When her divorce from Bowden was finalised the following
year, she married Murry, who remained largely in London
during his wife’s dying years in Europe.
It was Baker
who continued to make her writing possible, accompanying
Mansfield from pensione to pensione, like a swallow
accompanying Keats in pursuit of an ever warmer climate.
Their relationship was twisted and tinged with
sadomasochism, with Baker, who could leave nothing uneaten,
the frequent victim of Mansfield’s cruelty. “I really do
feel,” Mansfield wrote to Murry, “that if she could
she’d EAT me.”
Long before she was “stewing “ in
her own “consumption,” as Lawrence ungraciously put it
in one of his less charming letters to Mansfield, eating had
always been one of her central metaphors. All relationships,
she concluded, including those between writers, were
cannibalistic – “Anatole France would say we eat each
other, but perhaps nourish is the better word.” The meat,
fruit, cheese, and desserts that lard up her writing are
both tempting and terrifying to consume.
As the
consumption consumed her and the TB bacillus spread, the
pudgy girl became wafer thin and addicted to a
morphine-based cough syrup. After a series of bizarre
experimental treatments that did nothing to prevent her
precipitous decline (and probably encouraged it), Mansfield
finally entered Gurdjieff’s care. As a guest rather than a
pupil, she was not required to take part in the rigorous
routines of the institute.
Nevertheless, within a few
weeks she was dead. Because Murry forgot to pay for her
funeral expenses, she initially was buried in a pauper’s
grave. It was not until six years later that matters were
rectified, her casket moved to its current resting place
next to Gurdjieff’s in Fontainebleau, and a tombstone
erected in her honour.
There has been no shortage of
biographers since then. Antony Albers’ The Life of
Katherine Mansfield (1953, revised and expanded in 1980)
remained largely protective of her legacy. Claire Tomalin,
in Katherine Mansfield: A Secret Life (1987), also
kept her distance, concludingh that “Katherine was a liar
all her life – there is no getting around this.” Jeffrey
Meyers decided it would take not one, but two books to peel
away her various masks like onion skins – Katherine
Mansfield, A Biography (1978) and the revisionist
Katherine Mansfield: A Darker View (2002).
How
then to inhabit the desultory final years of Mansfield’s
life? Yska’s answer is an epic quest to retrace the
proto-feminist’s final footsteps across Europe are never
less than stimulating. He has filled in another lacunae by
concentrating on Mansfield’s European travels in the years
leading up to her death in 1923. His curious subtitle –
Station to Station – combines a focus on her
peripatetic exploration of Europe by train with his own
adventure over a century later, while also evoking the
Stations of The Cross, Leo Tolstoy, and even perhaps David
Bowie. The result is that only half of the book is about the
writer Mansfield, since the other is firmly occupied by the
author Yska.
Fortunately, he’s excellent company,
alternately amused and bemused by his encounters with a zany
cast of Mansfield enthusiasts he encounters along the way.

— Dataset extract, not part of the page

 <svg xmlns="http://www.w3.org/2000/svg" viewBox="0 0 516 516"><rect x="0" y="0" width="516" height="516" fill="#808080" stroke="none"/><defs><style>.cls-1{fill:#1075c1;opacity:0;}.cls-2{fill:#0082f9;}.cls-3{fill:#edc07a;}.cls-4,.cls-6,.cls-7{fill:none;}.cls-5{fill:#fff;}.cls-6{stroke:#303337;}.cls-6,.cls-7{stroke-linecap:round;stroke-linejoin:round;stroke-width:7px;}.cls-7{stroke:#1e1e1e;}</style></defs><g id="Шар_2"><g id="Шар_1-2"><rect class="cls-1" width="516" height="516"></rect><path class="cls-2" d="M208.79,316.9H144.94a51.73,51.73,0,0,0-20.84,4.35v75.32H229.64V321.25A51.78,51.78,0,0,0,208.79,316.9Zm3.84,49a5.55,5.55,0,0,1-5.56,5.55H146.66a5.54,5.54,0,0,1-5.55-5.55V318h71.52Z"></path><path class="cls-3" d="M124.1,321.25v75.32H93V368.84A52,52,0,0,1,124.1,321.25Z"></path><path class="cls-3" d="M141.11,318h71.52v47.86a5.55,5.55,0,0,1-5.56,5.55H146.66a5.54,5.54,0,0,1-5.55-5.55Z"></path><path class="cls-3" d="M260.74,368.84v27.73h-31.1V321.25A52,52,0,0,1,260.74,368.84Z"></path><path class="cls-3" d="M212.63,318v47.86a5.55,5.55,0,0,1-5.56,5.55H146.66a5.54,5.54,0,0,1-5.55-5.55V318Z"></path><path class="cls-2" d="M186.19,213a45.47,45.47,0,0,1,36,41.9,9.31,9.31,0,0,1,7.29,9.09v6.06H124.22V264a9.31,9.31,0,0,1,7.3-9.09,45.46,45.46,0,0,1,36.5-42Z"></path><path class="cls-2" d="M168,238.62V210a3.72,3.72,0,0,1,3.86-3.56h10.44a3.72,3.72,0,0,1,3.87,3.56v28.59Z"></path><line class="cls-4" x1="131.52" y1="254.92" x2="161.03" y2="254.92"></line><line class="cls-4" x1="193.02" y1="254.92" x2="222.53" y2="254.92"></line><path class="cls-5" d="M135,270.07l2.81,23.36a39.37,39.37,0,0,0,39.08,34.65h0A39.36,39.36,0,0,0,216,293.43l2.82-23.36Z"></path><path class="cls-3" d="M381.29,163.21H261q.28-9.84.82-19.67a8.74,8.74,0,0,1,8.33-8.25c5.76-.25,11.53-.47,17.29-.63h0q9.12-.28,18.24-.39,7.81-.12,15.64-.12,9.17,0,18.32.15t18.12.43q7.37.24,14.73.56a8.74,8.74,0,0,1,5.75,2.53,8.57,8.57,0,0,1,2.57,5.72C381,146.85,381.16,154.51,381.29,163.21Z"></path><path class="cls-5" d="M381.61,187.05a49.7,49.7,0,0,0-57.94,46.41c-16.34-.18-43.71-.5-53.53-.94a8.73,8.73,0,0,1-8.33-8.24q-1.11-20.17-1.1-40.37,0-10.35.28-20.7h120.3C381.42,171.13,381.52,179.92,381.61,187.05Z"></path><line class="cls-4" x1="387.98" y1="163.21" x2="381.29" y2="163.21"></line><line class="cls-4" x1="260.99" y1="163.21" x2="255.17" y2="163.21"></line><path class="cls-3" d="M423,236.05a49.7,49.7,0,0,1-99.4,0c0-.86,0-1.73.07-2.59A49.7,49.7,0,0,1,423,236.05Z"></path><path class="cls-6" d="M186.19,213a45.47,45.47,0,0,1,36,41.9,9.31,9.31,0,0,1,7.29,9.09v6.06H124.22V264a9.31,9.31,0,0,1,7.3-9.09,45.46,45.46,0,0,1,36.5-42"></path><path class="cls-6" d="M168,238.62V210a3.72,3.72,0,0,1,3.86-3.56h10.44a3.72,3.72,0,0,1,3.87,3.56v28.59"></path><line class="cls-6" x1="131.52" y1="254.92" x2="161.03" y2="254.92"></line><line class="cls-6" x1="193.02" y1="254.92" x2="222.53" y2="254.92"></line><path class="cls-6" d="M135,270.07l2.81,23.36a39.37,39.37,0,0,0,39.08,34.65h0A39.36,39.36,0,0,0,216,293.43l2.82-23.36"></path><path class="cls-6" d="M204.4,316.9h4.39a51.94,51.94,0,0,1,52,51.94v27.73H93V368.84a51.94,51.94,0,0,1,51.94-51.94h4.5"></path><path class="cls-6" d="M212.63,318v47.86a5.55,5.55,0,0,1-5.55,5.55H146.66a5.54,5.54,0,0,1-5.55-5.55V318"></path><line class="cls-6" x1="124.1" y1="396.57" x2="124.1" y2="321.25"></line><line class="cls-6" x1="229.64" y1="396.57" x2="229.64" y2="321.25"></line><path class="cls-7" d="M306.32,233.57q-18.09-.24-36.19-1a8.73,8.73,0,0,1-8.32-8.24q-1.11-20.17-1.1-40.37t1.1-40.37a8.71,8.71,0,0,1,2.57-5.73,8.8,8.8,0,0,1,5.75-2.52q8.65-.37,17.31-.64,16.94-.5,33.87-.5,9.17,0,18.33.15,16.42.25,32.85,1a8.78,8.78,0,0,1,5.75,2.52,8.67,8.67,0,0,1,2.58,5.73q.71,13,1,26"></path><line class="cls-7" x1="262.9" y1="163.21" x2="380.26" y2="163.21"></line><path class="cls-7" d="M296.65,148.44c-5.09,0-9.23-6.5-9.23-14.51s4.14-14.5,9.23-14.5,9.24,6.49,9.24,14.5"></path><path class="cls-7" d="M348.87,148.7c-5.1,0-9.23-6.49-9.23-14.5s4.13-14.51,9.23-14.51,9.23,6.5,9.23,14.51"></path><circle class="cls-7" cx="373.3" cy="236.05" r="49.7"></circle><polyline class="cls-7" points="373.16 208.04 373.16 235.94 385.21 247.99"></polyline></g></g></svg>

Throughout the book, Yska interweaves nuggets from Paris
reporter Roland Merlin’s 1960 biography of Mansfield,
which helped him decode France’s unique relationships with
her. His research is never less than thorough, whether
poring over her letters in the National Library or exploring
the alleyways of Menton.
By focusing on her European
sojourn, Yska neatly sidesteps the more unfortunate aspects
of Mansfield’s earlier (mis)adventures in England and why
she fled London in the first place. He doesn’t shy away
from revealing the chemical details of her notorious “red
cough mixture,” however, or that she started packing heat
“to protect herself after she was tossed out of her
accommodation because of her TB,” as he said in a recent
Post interview.
“I was really interested in this
because it shows another side of her. The minute we see
Katherine Mansfield with a gun in her hand we see her
differently. What I love too think about with this book is
that we might bring her out from behind the desk, from
behind the inkpot and see her as a snooker player, as a
knitter, as a card player, a walker, and so much more than
that bookish woman we know.”
As befits the life of a
miniature modernist, Yska’s book is a small, but heavy
paperback, handsomely illustrated with luminous photographs
by Conor Horgan and elegantly published by Otago University
Press.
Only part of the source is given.